▶ [EXERCISE AIM]:
Please copy, exactly as they appear below, the lines from the one containing "[diagram: same view" through the one containing "Length unit declared in the file: inch".

[Records excerpted from a collection]
▬▬▬▬▬▬▬▬▬▬
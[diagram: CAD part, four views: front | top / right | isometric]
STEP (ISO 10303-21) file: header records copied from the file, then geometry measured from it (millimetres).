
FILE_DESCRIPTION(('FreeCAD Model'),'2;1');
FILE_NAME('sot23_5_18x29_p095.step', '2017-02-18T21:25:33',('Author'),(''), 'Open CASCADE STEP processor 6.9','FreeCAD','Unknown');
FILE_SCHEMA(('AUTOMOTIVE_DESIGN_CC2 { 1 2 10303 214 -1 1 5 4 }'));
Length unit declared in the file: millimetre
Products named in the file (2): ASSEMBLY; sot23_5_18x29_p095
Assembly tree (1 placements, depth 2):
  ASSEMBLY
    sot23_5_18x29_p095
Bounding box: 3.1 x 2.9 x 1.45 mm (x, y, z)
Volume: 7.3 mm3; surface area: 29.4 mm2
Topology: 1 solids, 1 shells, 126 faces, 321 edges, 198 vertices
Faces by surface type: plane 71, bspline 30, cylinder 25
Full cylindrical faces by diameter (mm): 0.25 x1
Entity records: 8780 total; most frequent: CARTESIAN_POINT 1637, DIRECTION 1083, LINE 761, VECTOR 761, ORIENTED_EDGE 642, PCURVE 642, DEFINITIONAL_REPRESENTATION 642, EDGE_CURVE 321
▬▬▬▬▬▬▬▬▬▬
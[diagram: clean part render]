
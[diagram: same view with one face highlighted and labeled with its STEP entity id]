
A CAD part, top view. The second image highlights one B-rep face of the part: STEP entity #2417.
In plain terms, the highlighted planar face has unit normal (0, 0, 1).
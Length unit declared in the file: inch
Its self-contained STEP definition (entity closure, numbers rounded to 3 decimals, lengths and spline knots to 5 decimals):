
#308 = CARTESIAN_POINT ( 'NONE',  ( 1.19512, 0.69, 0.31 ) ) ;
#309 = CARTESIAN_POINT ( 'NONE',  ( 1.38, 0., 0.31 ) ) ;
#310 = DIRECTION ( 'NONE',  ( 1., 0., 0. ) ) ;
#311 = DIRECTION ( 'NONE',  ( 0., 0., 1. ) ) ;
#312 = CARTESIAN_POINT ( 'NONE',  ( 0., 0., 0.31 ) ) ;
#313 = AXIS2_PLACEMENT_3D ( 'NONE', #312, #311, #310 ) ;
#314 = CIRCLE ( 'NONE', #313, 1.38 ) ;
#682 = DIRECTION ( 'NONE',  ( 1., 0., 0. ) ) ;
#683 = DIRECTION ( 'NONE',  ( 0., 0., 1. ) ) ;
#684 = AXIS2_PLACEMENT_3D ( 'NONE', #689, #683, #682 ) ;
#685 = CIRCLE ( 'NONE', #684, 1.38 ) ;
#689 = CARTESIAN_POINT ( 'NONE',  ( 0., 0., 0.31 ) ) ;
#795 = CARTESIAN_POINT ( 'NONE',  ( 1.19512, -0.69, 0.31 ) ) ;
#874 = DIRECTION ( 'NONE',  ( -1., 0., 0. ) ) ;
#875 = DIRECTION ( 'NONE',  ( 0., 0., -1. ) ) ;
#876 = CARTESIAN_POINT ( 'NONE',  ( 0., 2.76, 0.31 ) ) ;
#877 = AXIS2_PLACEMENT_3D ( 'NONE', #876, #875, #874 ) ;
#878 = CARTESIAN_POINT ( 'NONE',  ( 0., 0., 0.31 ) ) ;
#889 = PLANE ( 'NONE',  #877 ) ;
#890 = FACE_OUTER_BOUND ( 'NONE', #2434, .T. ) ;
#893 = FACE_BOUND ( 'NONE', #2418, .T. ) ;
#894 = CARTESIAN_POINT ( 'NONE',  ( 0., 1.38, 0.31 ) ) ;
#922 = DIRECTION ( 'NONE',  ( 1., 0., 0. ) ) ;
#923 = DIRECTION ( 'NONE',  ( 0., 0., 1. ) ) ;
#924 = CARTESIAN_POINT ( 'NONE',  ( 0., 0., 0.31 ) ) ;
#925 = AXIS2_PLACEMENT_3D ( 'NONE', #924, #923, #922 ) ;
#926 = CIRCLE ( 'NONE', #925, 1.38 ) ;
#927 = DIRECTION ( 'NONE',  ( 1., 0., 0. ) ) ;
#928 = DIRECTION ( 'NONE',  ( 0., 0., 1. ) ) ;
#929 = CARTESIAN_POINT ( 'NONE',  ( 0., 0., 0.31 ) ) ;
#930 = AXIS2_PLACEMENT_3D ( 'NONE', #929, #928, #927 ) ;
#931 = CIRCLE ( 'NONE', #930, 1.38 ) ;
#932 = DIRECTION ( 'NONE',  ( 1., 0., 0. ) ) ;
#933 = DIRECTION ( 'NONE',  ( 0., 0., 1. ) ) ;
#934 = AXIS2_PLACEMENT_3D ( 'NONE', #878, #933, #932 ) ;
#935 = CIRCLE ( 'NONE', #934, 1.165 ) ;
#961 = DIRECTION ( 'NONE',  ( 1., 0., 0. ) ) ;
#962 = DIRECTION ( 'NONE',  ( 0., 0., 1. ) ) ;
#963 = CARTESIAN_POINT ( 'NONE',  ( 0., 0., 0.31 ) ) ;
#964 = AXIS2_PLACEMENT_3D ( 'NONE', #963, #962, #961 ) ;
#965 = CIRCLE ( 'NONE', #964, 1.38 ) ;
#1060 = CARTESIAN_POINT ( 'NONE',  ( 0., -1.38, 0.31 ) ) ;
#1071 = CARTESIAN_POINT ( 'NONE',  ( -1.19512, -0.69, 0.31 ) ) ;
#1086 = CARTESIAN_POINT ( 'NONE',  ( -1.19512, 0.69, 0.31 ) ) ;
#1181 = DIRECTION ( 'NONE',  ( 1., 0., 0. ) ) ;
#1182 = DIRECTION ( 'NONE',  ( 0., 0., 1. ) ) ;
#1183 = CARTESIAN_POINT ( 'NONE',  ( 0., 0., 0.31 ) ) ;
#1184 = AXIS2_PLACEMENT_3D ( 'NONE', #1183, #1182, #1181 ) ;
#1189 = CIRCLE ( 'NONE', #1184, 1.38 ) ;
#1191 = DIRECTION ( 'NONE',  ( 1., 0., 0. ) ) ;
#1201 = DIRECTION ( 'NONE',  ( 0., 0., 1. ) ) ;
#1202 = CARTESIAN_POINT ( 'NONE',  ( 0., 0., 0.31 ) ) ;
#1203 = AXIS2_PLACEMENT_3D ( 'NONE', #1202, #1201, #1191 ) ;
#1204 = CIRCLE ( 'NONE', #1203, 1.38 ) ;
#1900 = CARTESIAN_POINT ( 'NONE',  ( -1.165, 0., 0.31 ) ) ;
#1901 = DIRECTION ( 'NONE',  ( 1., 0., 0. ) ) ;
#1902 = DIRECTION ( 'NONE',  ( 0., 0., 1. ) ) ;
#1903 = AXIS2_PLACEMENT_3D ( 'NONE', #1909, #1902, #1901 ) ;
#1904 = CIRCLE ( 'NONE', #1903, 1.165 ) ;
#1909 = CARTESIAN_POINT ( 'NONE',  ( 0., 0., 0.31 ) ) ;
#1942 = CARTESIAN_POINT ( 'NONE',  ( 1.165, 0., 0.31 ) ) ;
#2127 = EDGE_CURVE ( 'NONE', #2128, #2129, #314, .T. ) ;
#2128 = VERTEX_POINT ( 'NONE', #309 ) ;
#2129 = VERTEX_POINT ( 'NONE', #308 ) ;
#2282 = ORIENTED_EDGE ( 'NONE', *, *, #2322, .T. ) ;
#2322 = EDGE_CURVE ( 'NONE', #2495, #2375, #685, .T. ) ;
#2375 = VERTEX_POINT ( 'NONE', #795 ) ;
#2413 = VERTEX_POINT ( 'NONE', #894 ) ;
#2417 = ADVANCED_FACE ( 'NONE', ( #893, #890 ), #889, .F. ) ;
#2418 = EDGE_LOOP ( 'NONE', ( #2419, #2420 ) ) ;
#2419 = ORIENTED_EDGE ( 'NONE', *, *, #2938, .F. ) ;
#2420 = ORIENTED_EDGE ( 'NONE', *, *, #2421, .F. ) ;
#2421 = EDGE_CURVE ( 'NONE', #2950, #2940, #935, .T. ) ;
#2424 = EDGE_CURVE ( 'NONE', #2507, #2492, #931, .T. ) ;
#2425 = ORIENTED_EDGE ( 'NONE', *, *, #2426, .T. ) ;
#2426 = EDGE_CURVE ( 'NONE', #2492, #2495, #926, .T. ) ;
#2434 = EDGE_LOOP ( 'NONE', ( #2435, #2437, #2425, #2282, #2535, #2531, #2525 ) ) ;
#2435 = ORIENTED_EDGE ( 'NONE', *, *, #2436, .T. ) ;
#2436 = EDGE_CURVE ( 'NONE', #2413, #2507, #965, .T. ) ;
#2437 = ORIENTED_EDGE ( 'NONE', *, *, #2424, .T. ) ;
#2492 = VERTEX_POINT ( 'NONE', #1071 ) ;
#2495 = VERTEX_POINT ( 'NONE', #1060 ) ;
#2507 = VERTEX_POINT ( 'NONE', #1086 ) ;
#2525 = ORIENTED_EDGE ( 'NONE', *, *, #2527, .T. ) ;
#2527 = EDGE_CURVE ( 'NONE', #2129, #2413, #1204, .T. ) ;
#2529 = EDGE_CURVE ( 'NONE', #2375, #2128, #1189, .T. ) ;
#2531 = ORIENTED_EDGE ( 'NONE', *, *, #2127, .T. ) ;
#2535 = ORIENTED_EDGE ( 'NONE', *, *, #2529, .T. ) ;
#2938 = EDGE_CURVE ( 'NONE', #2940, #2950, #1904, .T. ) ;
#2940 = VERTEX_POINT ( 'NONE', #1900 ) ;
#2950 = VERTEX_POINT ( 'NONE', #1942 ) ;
▬▬▬▬▬▬▬▬▬▬
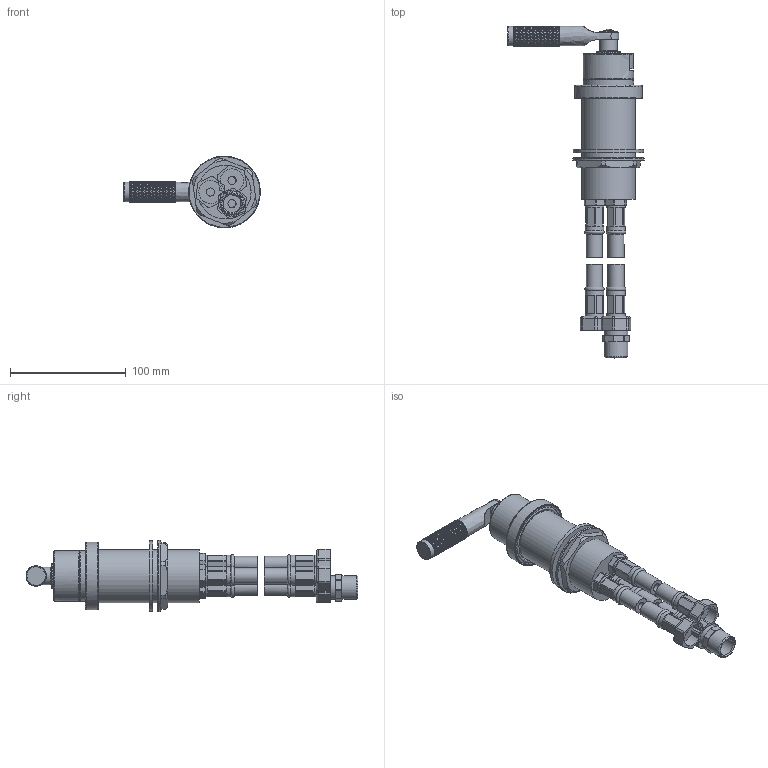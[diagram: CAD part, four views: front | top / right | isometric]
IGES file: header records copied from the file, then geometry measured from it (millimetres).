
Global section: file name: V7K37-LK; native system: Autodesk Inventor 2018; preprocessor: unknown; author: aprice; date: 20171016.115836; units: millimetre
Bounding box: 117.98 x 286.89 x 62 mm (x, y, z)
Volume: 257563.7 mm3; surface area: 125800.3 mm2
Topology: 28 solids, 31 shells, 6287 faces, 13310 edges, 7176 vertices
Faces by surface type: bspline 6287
▬▬▬▬▬▬▬▬▬▬
▶ [FINISHED EXERCISE]:
[diagram: same view with one face highlighted and labeled with its STEP entity id]
A CAD part, top view. The second image highlights one B-rep face of the part: STEP entity #2417.
In plain terms, the highlighted planar face has unit normal (0, 0, 1).
Length unit declared in the file: inch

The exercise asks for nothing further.